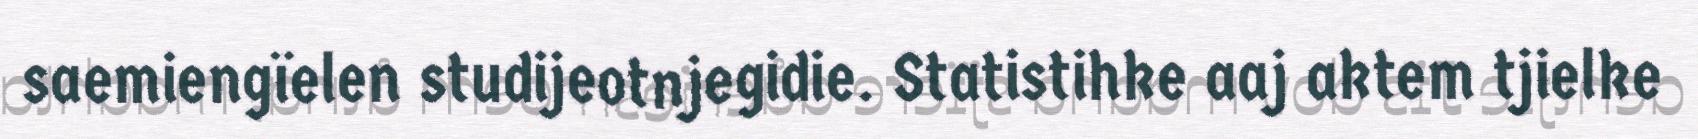
saemiengïelen studijeotnjegidie. Statistihke aaj aktem tjielke
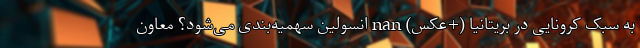
به سبک کرونایی در بریتانیا (+عکس) nan انسولین سهمیه‌بندی می‌شود؟ معاون
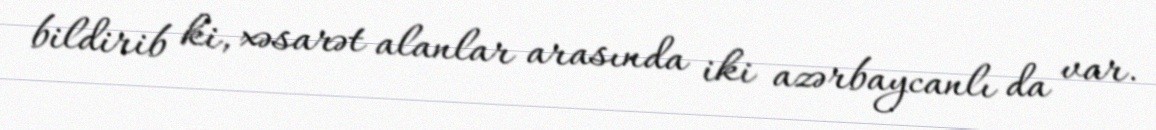
bildirib ki, xəsarət alanlar arasında iki azərbaycanlı da var.
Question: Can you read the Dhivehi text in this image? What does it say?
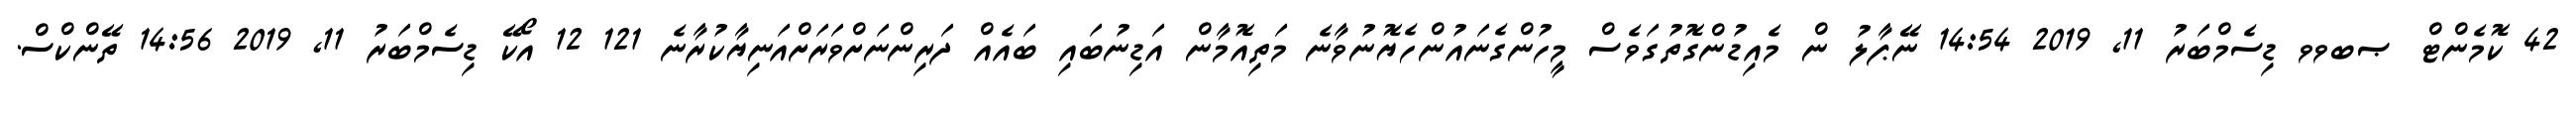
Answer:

☆ ☆ ☆ ☆ ☆

The lines to retype run from the one containing "Question: Can you" through the last line of the records above; write them exactly and skip the pictures.

WRITTEN RESPONSE »
Question: Can you read the Dhivehi text in this image? What does it say?
Answer:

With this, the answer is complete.